▸ TRY IT: When you write out the listing, keep each word exactly as it stands but include none of its images.

▸ DATA PROVIDED:

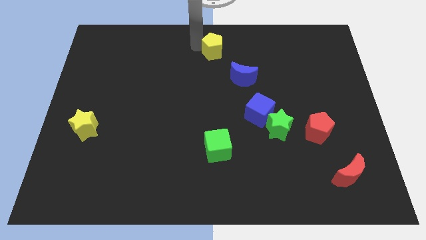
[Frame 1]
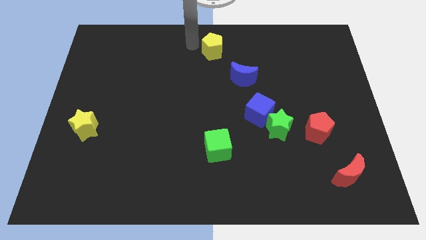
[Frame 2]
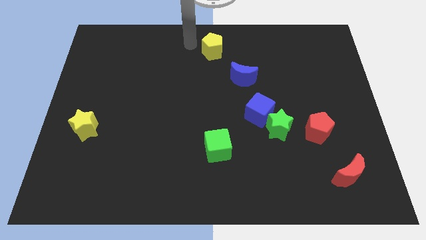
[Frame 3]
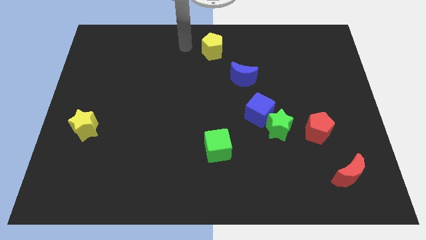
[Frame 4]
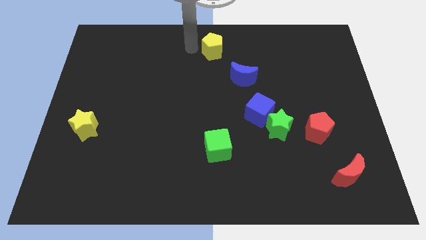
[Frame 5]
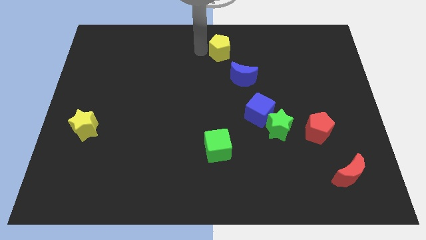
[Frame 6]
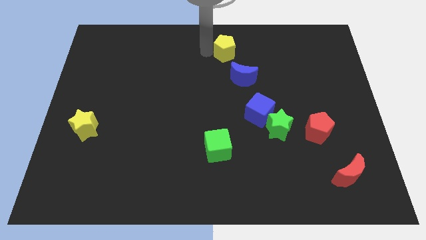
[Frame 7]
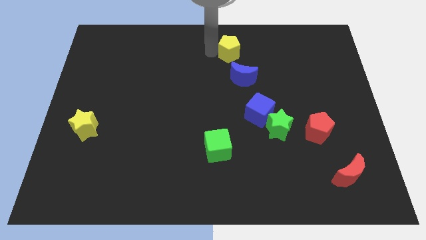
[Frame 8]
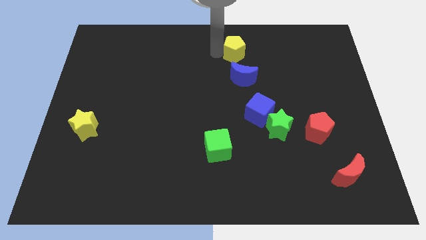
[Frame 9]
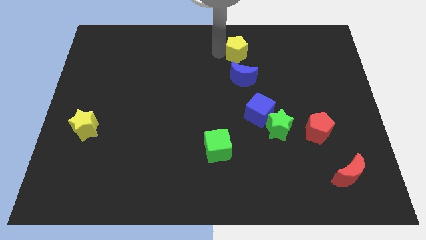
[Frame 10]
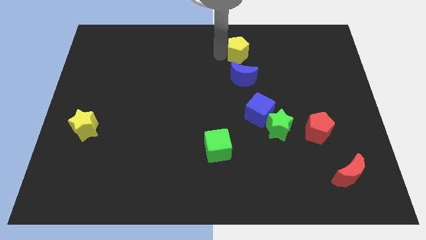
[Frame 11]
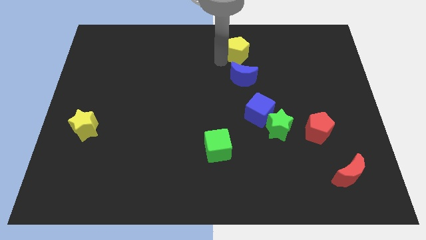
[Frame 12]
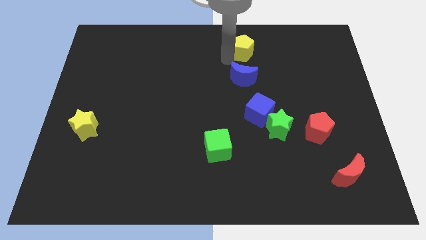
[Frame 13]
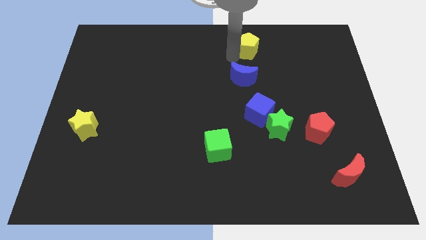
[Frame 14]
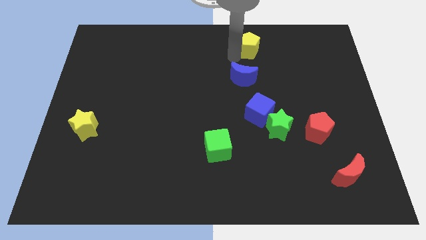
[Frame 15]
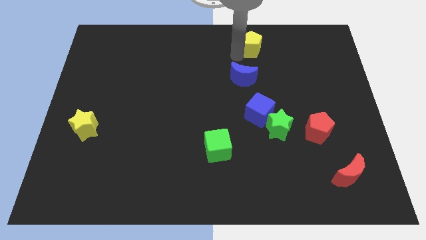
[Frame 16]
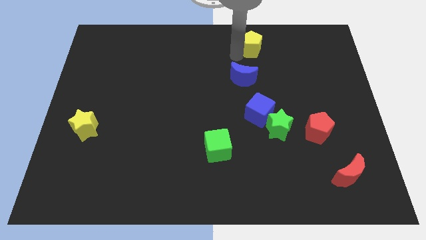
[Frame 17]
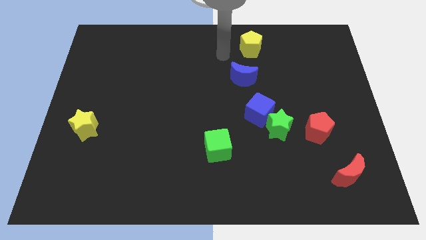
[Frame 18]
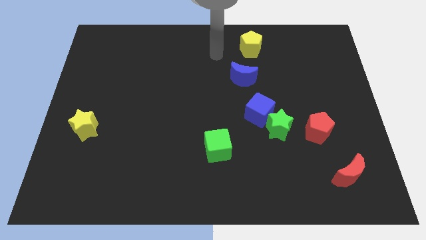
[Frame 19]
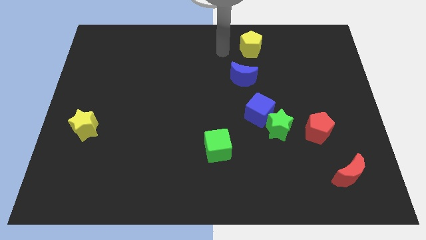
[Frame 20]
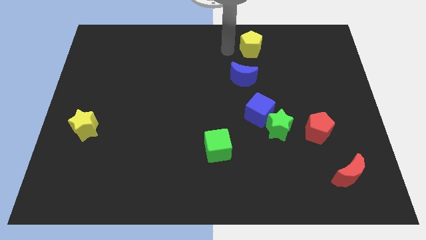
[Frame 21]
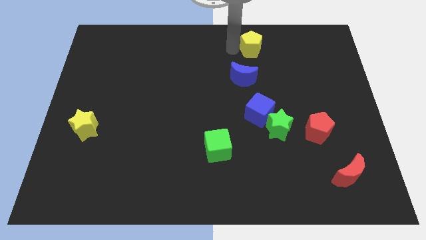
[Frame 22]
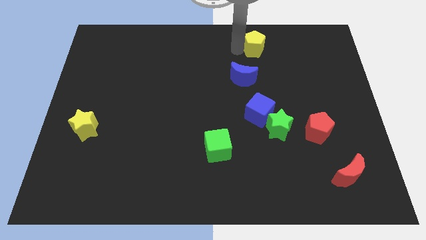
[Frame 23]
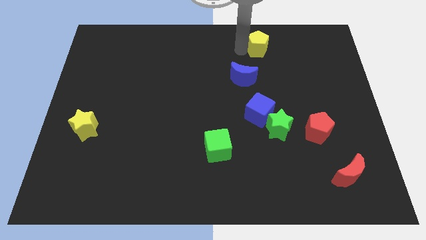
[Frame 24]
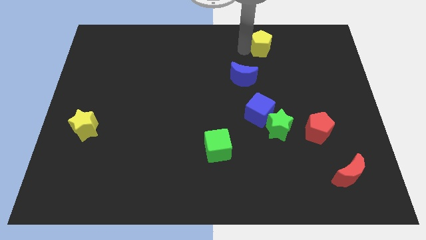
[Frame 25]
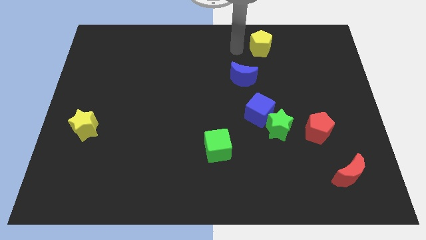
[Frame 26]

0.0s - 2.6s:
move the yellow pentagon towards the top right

▸ SOLUTION TO THE EXERCISE:
[Frame 1]
[Frame 2]
[Frame 3]
[Frame 4]
[Frame 5]
[Frame 6]
[Frame 7]
[Frame 8]
[Frame 9]
[Frame 10]
[Frame 11]
[Frame 12]
[Frame 13]
[Frame 14]
[Frame 15]
[Frame 16]
[Frame 17]
[Frame 18]
[Frame 19]
[Frame 20]
[Frame 21]
[Frame 22]
[Frame 23]
[Frame 24]
[Frame 25]
[Frame 26]

0.0s - 2.6s:
move the yellow pentagon towards the top right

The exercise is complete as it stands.